The Browns's quarterback addition illustrates this uncertainty well. A sixth-round quarterback from a mid-major program might develop into a reliable backup under the right coaching circumstances, or they might never fully translate their collegiate production to professional speed and complexity. The grade captures neither outcome — it captures only the moment of selection.
The Road Ahead
For teams selecting in rounds four through seven, the draft represents a beginning rather than a conclusion. These players face a competitive path through off-season programs, training camp battles, and roster reduction decisions before any meaningful regular-season contribution becomes possible.
Edwards's assessments provide a snapshot of how each franchise navigated that landscape. The Browns's B- for round six work suggests competent but unremarkable selection activity — neither the kind of move that generates post-draft enthusiasm nor the kind that prompts second-guessing. For teams in that position, that outcome often represents the realistic expectation for picks in that round range.

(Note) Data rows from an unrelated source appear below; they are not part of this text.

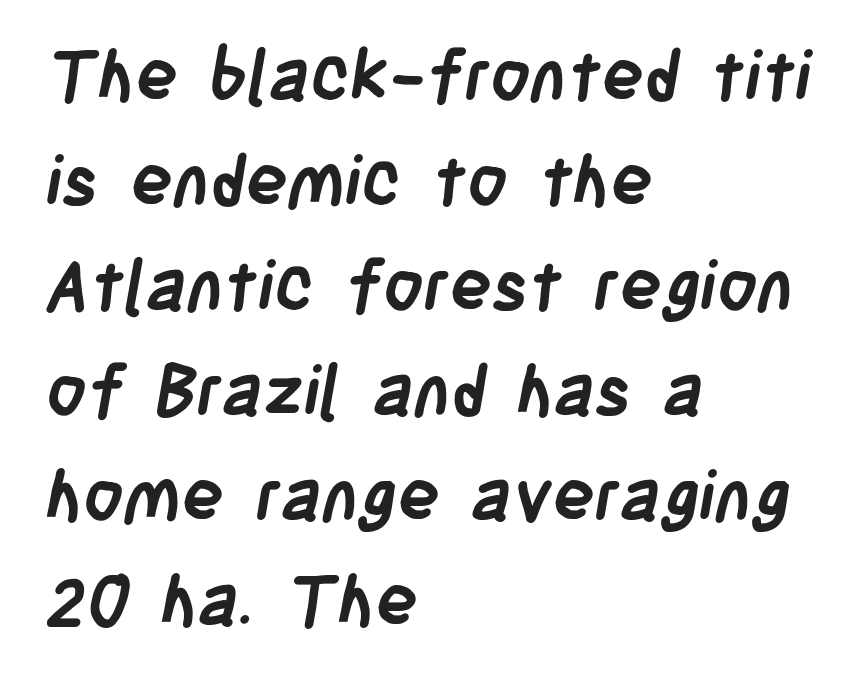
{"serif": "no", "bold": "yes", "weight": "semibold", "width": "condensed", "stroke_contrast": "low", "x_height": "large", "monospaced": "no", "underline": "no", "align": "left", "line_spacing": "normal", "line_spacing_ratio": 1.5, "letter_spacing": "normal", "letter_spacing_em": 0.0, "glyph_px": 70}
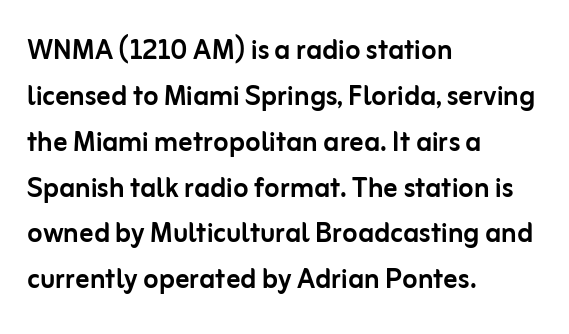
{"serif": "no", "italic": "no", "width": "normal", "stroke_contrast": "low", "x_height": "medium", "monospaced": "no", "underline": "no", "align": "left", "line_spacing": "normal", "line_spacing_ratio": 1.31, "letter_spacing": "normal", "letter_spacing_em": 0.0, "glyph_px": 35}
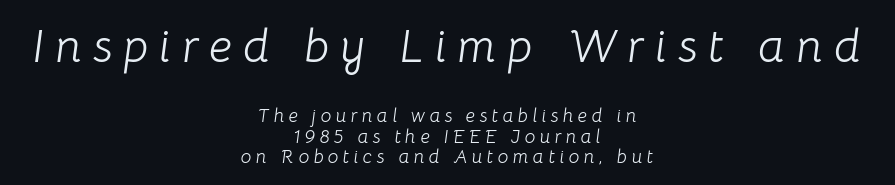
{"italic": "yes", "lean": "right", "slant_degrees": 8, "bold": "no", "weight": "light", "width": "normal", "stroke_contrast": "low", "x_height": "medium", "monospaced": "no", "underline": "no", "align": "center", "line_spacing": "tight", "line_spacing_ratio": 1.06, "letter_spacing": "wide", "letter_spacing_em": 0.23, "larger_block": "first", "size_ratio": 2.47, "glyph_px": 47}
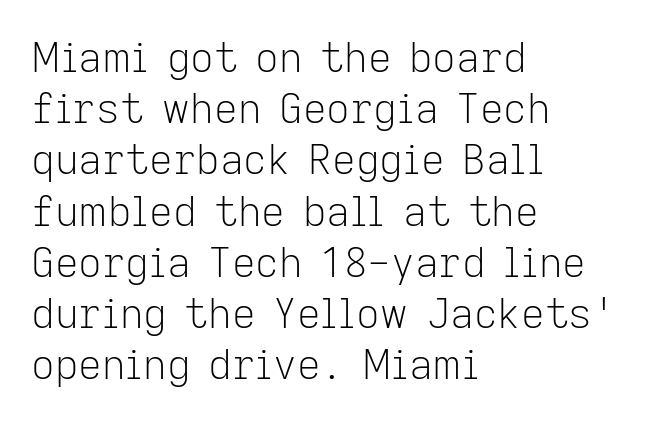
Q: Is the text bold? A: No.
Q: Is the text italic (slanted)? A: No, it is upright.
Q: Is the typeface a serif or a sans-serif typeface? A: Sans-serif.
Q: Is the text underlined? A: No.
Q: How is the paragraph aligned? A: Left-aligned.
Q: Is the spacing between letters normal or unusually wide? A: Normal.
Q: Is the spacing between lines tight, normal or loose? A: Normal.
Q: Width (condensed, normal, or wide)? A: Normal.
Q: Stroke contrast? A: Low.
Q: x-height? A: Medium.
Q: Monospaced? A: No.
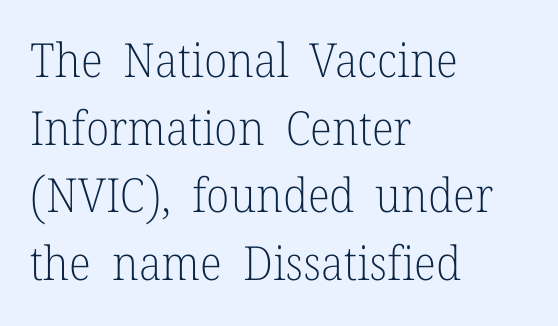
Q: Is the text bold? A: No.
Q: Is the text italic (slanted)? A: No, it is upright.
Q: Is the typeface a serif or a sans-serif typeface? A: Serif.
Q: Is the text underlined? A: No.
Q: How is the paragraph aligned? A: Left-aligned.
Q: Is the spacing between letters normal or unusually wide? A: Normal.
Q: Is the spacing between lines tight, normal or loose? A: Normal.
Q: Width (condensed, normal, or wide)? A: Normal.
Q: Stroke contrast? A: Low.
Q: x-height? A: Medium.
Q: Monospaced? A: No.
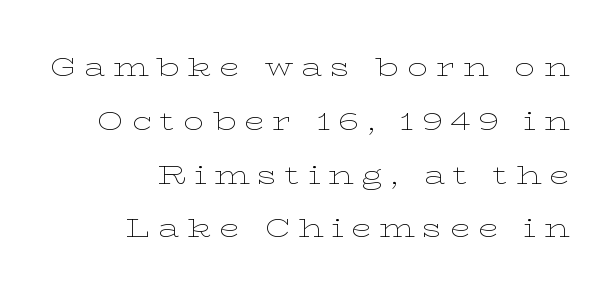
Type without underlining. Caption: expanded tracking, letters set apart. Each stroke keeps to a modest, everyday thickness or less. Upright lettering throughout. These lines stack with their right ends in a neat column.
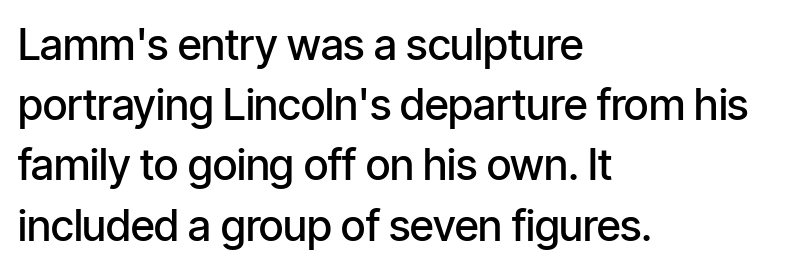
{"serif": "no", "italic": "no", "bold": "semi", "weight": "semibold", "width": "condensed", "stroke_contrast": "low", "x_height": "medium", "monospaced": "no", "underline": "no", "align": "left", "line_spacing": "normal", "line_spacing_ratio": 1.4, "letter_spacing": "normal", "letter_spacing_em": 0.0, "glyph_px": 43}
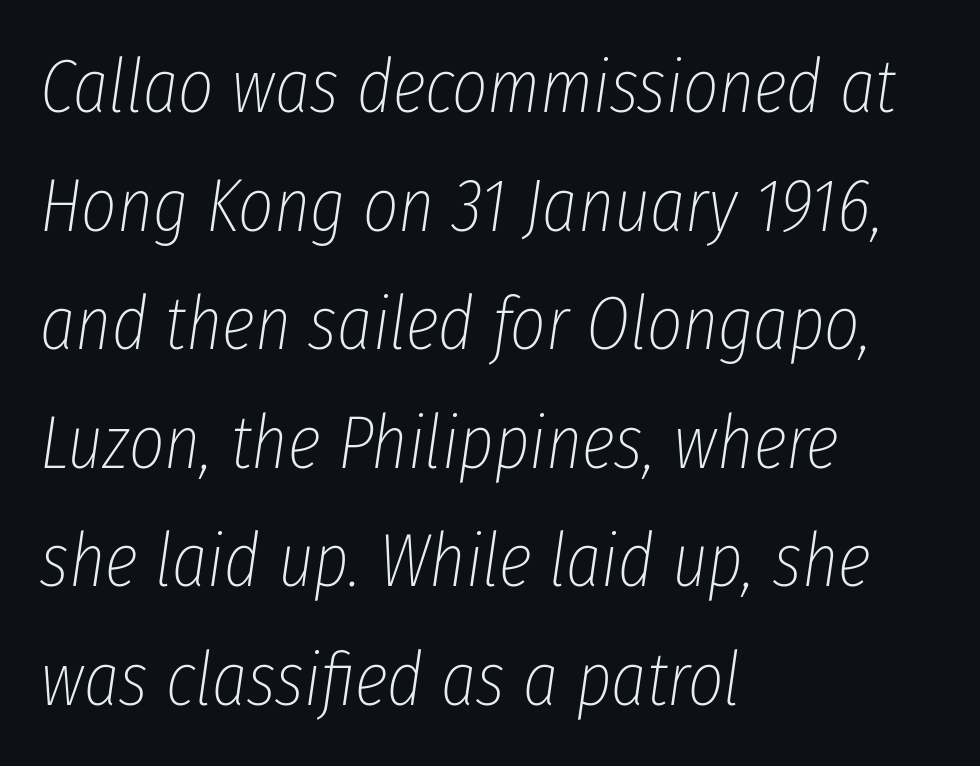
The image shows 76 px thin, condensed type, italic (leaning right); set left-aligned, normal line spacing (1.56x), normal letter spacing, not underlined; low stroke contrast and a medium x-height.
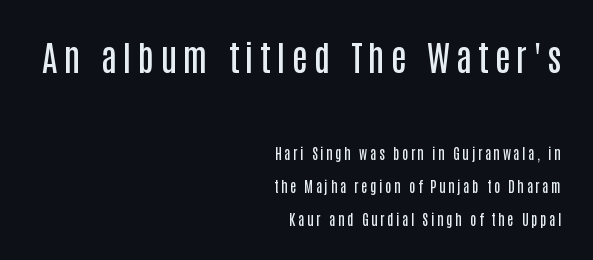
The image shows 35 px semibold, condensed sans-serif type, upright; set right-aligned, loose line spacing (2.36x), not underlined; the first (top) block is 2.5x larger; low stroke contrast and a large x-height.
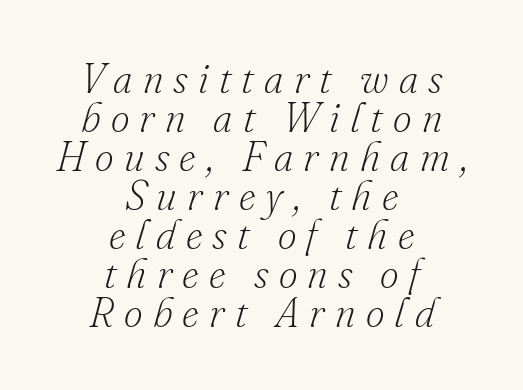
{"serif": "yes", "italic": "yes", "lean": "right", "slant_degrees": 16, "bold": "no", "weight": "light", "width": "normal", "stroke_contrast": "low", "x_height": "small", "monospaced": "no", "underline": "no", "align": "center", "line_spacing": "tight", "line_spacing_ratio": 0.95, "letter_spacing": "wide", "letter_spacing_em": 0.25, "glyph_px": 41}

The full picture of the 2026 draft's success or failure will emerge over the following three to five years, as late-round selections either develop into contributors or wash out of the league entirely. For now, the grades offer a structured framework for understanding what each franchise prioritised when the stakes were lower but the decisions still carried lasting consequences.
This publication's analysis drew on CBS Sports's live draft grading coverage across rounds four through seven, as reported by Josh Edwards on 25 April 2026.